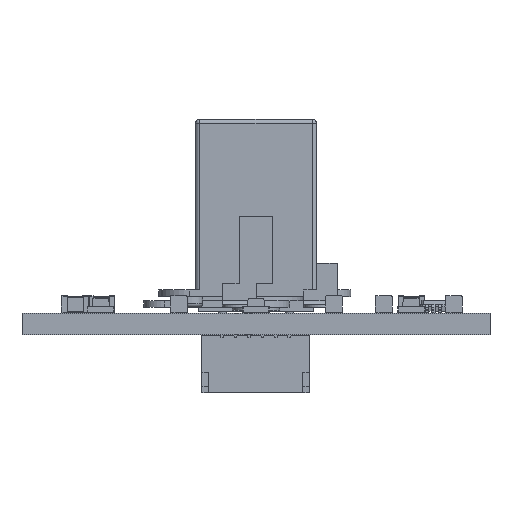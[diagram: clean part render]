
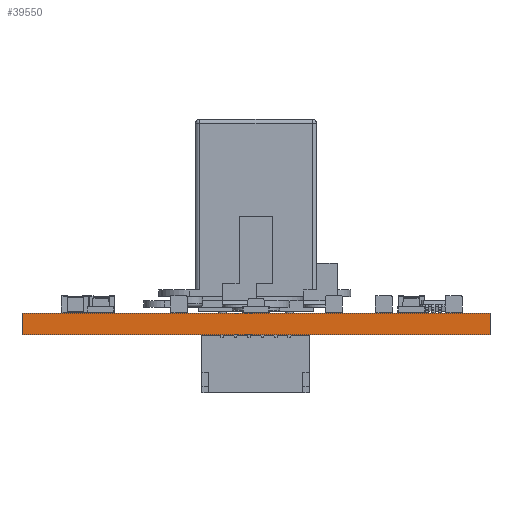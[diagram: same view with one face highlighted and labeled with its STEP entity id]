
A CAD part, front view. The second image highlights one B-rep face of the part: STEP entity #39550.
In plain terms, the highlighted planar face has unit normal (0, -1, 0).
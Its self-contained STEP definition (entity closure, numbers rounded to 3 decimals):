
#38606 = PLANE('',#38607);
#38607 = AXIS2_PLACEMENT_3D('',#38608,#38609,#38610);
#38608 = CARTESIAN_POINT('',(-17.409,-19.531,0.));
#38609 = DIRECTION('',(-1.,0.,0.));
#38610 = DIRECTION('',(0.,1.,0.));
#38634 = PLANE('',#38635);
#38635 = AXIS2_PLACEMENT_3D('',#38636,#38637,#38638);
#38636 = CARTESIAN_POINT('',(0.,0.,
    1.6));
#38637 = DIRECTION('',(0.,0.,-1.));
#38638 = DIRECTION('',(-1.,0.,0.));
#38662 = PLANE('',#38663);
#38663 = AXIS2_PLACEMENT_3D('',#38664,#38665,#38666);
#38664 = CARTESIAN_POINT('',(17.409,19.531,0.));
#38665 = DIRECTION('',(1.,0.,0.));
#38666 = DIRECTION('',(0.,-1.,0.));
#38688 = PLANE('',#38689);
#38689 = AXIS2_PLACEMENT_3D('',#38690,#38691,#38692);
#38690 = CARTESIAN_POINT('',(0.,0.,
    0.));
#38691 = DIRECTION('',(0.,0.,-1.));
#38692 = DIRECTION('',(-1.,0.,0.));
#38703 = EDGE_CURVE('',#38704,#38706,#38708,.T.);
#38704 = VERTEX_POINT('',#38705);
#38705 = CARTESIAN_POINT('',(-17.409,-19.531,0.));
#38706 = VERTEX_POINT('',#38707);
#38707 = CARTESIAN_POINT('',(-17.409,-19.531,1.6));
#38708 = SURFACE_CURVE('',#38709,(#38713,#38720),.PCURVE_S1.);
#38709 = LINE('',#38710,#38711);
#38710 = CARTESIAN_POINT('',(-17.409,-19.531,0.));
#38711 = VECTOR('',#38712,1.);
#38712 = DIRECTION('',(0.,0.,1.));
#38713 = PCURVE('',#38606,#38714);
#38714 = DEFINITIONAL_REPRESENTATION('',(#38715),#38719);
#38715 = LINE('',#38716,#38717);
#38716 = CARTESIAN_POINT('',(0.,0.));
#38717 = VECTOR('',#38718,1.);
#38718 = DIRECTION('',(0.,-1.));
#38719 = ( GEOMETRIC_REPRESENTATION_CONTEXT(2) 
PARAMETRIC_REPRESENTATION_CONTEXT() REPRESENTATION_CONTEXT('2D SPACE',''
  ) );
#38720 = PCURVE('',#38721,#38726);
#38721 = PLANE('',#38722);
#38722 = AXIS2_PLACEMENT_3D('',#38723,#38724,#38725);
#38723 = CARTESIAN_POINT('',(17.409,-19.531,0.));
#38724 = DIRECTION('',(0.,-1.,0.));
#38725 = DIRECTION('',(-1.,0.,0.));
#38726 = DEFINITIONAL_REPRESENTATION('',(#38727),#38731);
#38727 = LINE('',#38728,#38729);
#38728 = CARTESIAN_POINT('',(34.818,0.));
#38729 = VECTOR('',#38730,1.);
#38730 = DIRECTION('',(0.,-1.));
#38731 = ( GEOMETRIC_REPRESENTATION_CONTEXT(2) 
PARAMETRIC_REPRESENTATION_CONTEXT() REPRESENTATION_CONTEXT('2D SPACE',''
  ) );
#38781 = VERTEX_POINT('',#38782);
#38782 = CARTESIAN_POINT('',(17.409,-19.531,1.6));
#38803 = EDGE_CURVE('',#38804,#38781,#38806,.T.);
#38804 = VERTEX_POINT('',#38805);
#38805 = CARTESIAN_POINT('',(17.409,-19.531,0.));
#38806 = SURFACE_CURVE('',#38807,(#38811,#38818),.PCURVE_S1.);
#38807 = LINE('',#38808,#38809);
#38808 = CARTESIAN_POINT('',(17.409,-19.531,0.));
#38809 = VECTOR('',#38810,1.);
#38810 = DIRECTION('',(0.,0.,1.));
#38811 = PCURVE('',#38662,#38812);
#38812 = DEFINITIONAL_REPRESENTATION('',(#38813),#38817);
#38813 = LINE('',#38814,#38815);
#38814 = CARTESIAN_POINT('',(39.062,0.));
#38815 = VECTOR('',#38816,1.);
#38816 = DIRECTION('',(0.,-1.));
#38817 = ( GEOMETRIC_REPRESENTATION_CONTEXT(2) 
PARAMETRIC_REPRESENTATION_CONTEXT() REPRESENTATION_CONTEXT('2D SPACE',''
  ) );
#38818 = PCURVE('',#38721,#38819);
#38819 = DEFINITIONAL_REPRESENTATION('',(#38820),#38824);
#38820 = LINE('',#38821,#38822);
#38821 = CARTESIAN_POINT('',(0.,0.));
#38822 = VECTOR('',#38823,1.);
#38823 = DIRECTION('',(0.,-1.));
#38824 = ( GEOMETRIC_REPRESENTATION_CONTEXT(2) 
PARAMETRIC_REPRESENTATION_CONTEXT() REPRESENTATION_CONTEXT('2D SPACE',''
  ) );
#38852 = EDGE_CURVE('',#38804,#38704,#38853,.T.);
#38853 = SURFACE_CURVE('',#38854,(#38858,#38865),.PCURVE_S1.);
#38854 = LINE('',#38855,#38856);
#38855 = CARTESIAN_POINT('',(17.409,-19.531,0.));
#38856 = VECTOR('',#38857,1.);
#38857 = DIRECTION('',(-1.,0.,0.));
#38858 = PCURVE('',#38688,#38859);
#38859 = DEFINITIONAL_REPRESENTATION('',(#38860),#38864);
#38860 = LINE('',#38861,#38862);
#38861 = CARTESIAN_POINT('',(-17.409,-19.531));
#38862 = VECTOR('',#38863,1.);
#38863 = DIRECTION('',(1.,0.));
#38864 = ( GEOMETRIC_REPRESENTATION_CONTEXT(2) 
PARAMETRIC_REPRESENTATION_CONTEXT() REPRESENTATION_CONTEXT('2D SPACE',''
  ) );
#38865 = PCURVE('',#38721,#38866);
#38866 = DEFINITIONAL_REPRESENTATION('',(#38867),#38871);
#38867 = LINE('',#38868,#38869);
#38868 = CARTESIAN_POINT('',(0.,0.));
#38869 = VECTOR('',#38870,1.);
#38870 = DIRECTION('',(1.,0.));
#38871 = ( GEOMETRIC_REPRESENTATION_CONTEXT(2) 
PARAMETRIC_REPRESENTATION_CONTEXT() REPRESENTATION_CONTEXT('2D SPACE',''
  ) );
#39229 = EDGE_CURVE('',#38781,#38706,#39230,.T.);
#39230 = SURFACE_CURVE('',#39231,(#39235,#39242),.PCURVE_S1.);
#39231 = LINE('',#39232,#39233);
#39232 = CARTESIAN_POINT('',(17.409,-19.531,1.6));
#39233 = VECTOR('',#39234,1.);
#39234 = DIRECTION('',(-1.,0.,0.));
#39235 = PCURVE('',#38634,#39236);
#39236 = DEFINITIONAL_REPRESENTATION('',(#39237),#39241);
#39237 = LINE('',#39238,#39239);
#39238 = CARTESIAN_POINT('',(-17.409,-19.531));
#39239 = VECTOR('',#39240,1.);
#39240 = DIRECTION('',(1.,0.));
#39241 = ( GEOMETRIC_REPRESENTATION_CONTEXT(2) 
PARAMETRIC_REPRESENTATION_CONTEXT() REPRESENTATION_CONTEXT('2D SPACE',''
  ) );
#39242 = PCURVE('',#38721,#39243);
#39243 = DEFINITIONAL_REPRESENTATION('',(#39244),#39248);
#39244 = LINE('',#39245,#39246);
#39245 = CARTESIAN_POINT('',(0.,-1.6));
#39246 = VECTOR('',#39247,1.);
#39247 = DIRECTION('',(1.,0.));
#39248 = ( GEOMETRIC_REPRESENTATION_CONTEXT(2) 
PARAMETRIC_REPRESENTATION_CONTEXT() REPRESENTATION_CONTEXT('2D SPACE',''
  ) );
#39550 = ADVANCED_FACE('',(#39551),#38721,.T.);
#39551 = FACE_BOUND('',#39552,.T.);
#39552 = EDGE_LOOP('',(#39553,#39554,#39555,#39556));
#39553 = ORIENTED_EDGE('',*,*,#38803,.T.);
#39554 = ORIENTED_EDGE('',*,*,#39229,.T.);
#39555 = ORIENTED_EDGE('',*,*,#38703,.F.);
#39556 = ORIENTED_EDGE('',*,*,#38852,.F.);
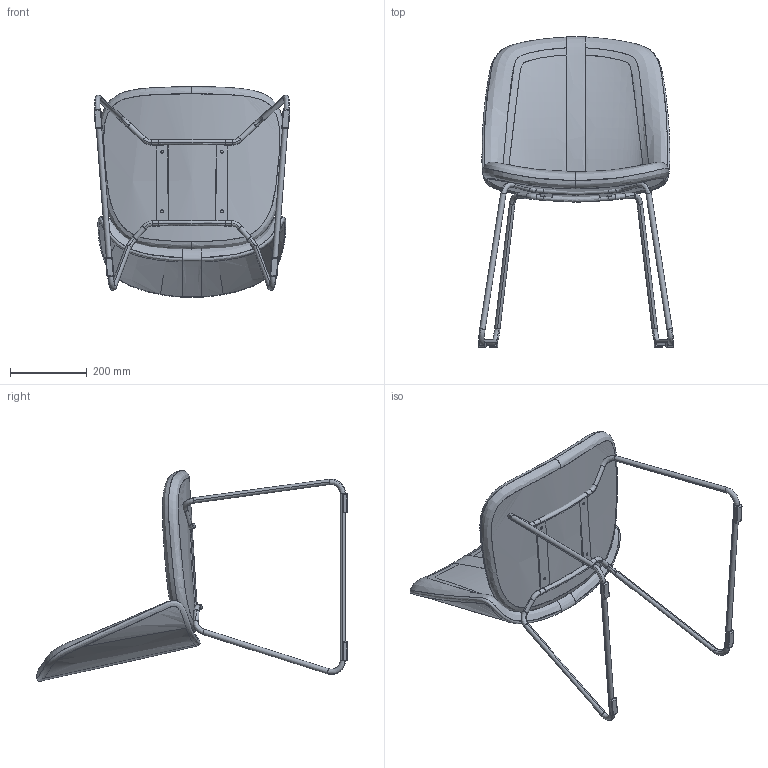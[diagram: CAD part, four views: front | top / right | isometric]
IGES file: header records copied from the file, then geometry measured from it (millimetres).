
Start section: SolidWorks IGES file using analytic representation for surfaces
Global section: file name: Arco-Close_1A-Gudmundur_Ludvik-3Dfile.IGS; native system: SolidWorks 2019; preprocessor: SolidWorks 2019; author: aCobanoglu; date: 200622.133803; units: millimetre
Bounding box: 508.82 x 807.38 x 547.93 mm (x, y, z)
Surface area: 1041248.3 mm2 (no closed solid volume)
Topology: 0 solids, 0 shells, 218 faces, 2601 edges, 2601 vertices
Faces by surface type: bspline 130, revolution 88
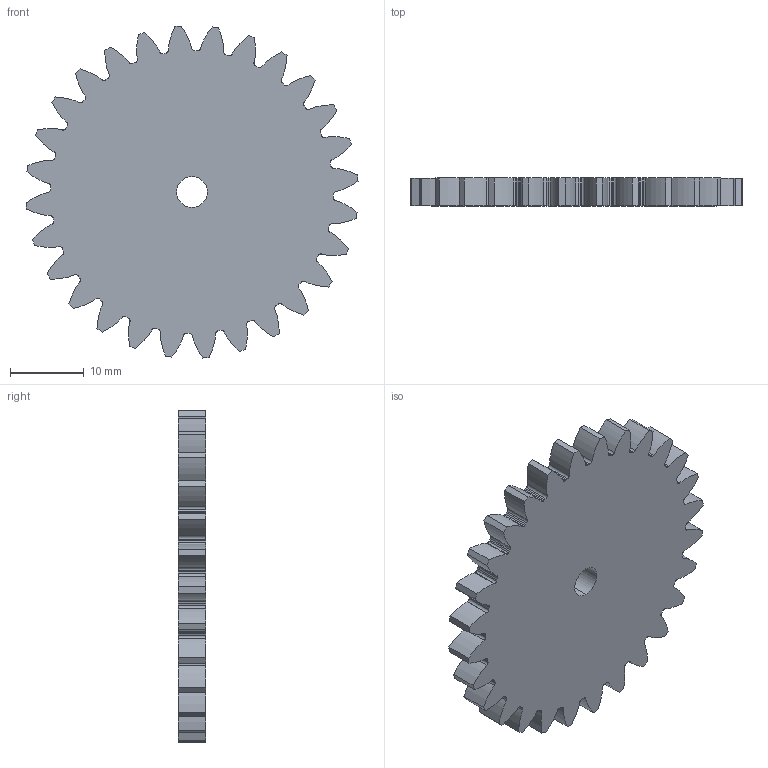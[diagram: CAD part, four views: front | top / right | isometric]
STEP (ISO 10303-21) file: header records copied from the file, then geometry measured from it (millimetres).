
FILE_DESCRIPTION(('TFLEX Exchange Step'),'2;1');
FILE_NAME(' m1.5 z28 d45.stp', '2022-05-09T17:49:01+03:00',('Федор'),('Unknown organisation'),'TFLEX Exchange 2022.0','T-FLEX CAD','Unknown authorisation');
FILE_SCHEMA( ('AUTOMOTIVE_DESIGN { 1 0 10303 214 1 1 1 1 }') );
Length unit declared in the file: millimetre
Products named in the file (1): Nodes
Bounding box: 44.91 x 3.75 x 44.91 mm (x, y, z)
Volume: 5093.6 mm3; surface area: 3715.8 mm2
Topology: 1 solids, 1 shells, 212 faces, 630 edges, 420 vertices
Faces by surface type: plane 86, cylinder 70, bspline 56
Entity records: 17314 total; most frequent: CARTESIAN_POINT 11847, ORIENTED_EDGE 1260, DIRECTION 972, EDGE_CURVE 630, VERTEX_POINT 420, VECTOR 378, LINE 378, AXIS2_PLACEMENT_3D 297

→ **Goal of the exercise**:
Your answer should be the lines of the listing above between the line holding "#38814 = CARTESIAN_POINT('',(39.062,0.));" and the line holding "#38818 = PCURVE('',#38721,#38819);", inclusive, restated word for word and alone.

→ **Task output**:
#38814 = CARTESIAN_POINT('',(39.062,0.));
#38815 = VECTOR('',#38816,1.);
#38816 = DIRECTION('',(0.,-1.));
#38817 = ( GEOMETRIC_REPRESENTATION_CONTEXT(2) 
PARAMETRIC_REPRESENTATION_CONTEXT() REPRESENTATION_CONTEXT('2D SPACE',''
  ) );
#38818 = PCURVE('',#38721,#38819);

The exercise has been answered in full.